在南宫苦心中,图罕的地位已经和南宫无妄一样了,所以将臣语气中那一丝不屑之意,南宫苦听起来却是十分的刺耳。
彻底的放纵血魔之气以后的南宫苦,在气势上产生相当大的变化,如果原来的南宫苦是让人臣服的王者之气的话,那现在就多了锋芒毕露的煞气!
淡薄的血色就像雾一样,从南宫苦的眼中掠过,使他外表看起来虽然很平和,威严却不自觉的外显出来。他的沉声说道:「将臣,你以后真的要跟著我吗?」
九宵血魔凌驾于三界之外,可以算是幽冥之主,万魔之王。将臣虽然实力超群,但也是个魔,南宫苦虽然还没有修练成九宵血魔,如今融合了血魔之气,正式踏入血魔之路以后所突显露出来的威势也够让将臣吃惊了。
就像自然界中的动物体形比老虎大的很多,但是在兽中之王的面前,体形上的优势并不足以弥补心理上的畏惧,将臣现在就是这样。他虽然凶名盖世,但是在血魔之气的威压下,生平第一次由心底滋生了一丝胆怯。
将臣忐忑不安的说道:「主人,您是通天教的嫡系,我是通天教蝠神的后代,现在终于有了认祖归宗的机会,这是将臣求之不得的,还请主人容许将臣留在主人的身边伺候您。」
「好,你可以跟著我,但是我要告诉你,以后不要觉得自己有多了不起!我希望你要真诚的对待我们这个圈子里的每一个人,记住!要真心诚意!」南宫苦看著将臣,一字一顿的说道,眼中的精光彷佛能看穿将臣的心事。
将臣听得心里顿时一寒,低著头说道:「主人,我明白了,将臣一定会听您的吩咐!」
南宫苦听了以后拍拍将臣的肩膀就转身离去,而木长喜对将臣自始至终就没有什么好感,只是冷冷的看了将臣一眼,便跟在南宫苦的身后走去。

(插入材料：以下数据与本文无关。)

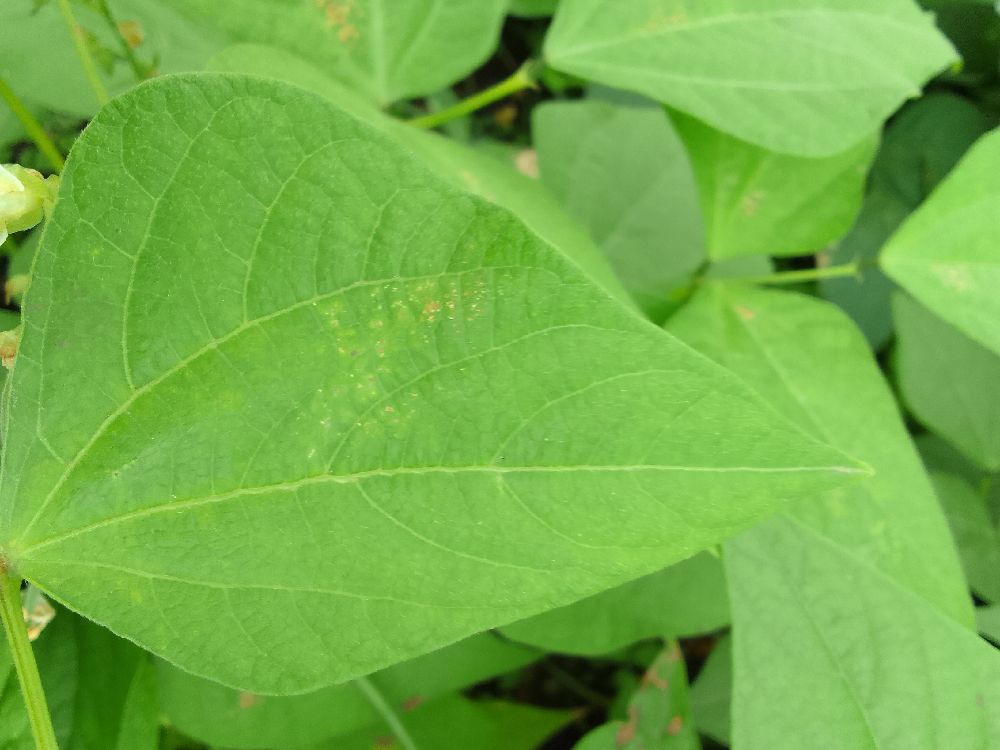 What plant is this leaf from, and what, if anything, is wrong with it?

common bean, healthy

日出的第一道光芒柔和撒向大地,看著在晨光中全身彷佛散发著金色光晕的南宫苦的背影。一点清凉由将臣的鬓角流下,这一刻将臣忽然产生了放弃计画的想法,可是这个想法也只是昙花一现,瞬间就被欲望的狂潮吞没了。将臣望著南宫苦的方向,阴狠的冷哼了两声,也跟著快步追了上去。
「小秋!」离的南宫苦安排三女等候的地方还有很远,木长喜就开始兴奋的大喊道,从他张开的双臂可以看得出来,木长喜此刻非常需要小秋的拥抱。

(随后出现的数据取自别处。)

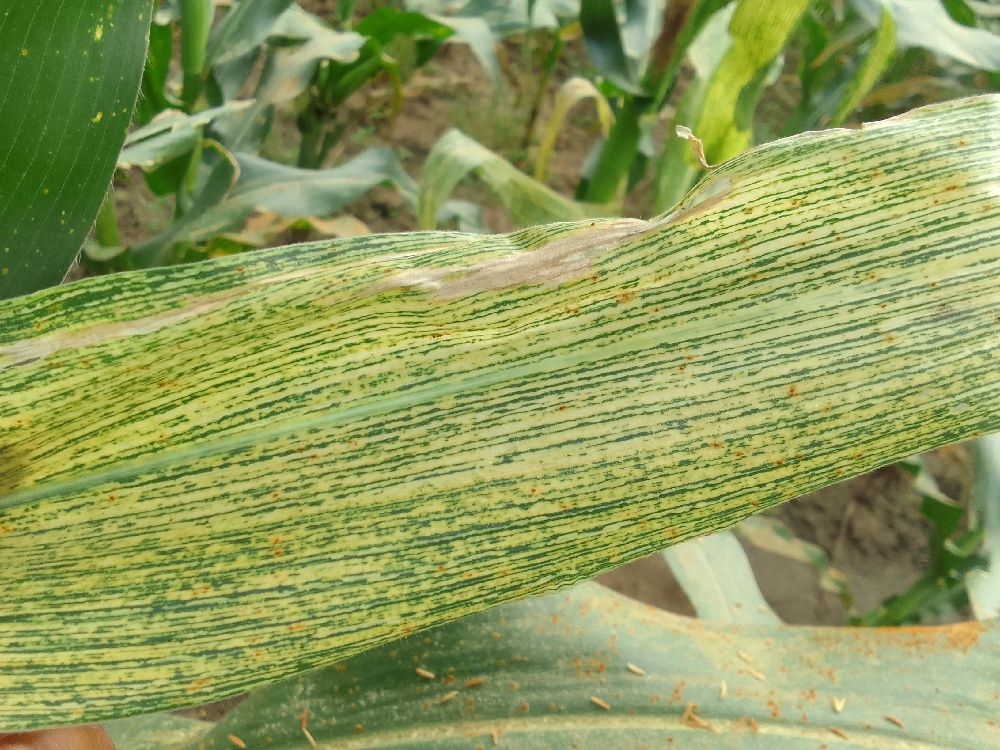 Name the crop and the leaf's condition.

maize, maize streak virus

南宫苦笑嘻嘻的说道:「跑慢点,小心把黑罐子摔破了!」
一提到罐子,木长喜就像被人踩了车一样,顿时变得稳重了许多,不敢再喊也不敢再跳,他捧起挂在腰间的黑罐子,爱惜的摸了两下,又朝著南宫苦笑了笑
南宫苦看到木长喜视罐如命的样子,暗想道:「要赶快找个机会启动灵识,让杀手们的魂魄能够出来活动一下!」
废宅的顺利摧毁,虽然有将臣的帮忙,但还是有值得高兴的部分。最起码废宅之行让南宫苦再次品尝到久违的亲情,也知道自己能力的不足之处,了解到未知的修真界是天外有天的。
在邢天娇的疯狂实验中,南宫苦也领悟到天下万物的变化,万变不离其宗。虽然不敢像邢天娇结合一切时那么无所顾忌,可是也有了不错的开始,他已经试著把血族的力量与通天魔气做了初步的融合了。致于唯一的遗憾,南宫苦不愿再回想,那个淡淡的倩影就像一阵永不停息的微风,不时的拂过南宫苦心头。

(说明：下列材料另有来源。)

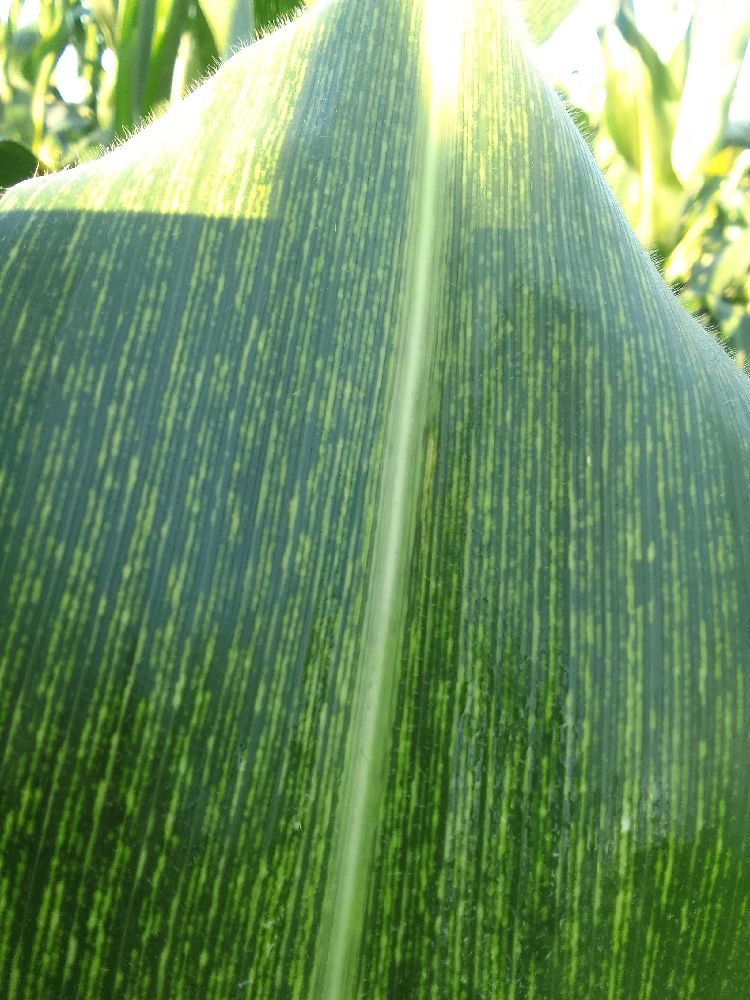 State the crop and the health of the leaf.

maize, maize streak virus

清晨的山风,清新、凉爽,还夹杂著淡淡的湿气。在晨风吹拂中,南宫苦变得更加敏感的神经,彷佛活络了体内的每个细胞。山间的一切都清晰的被魔识所感应,有如许多含苞待放的花蕾,在朝露中绽放自己的美丽,而花苞绽裂的声音,就像在耳边回荡,是那样的美妙。
与血魔之气的融合,让南宫苦进入了一个崭新的境界,那是一个美妙的让他沉醉的境界。当然,这个美妙时刻一定不包括被血魔杀戮的欲望所主导的时候。
南宫苦感慨的暗想道:「既然决定接受一样东西了,放弃另一样也是理所应当的!」只是他一直都心存疑惑,所谓的九宵血魔真的是他修魔的天道吗?如果不是的话,那他现在已经别无选择的与天道永别了。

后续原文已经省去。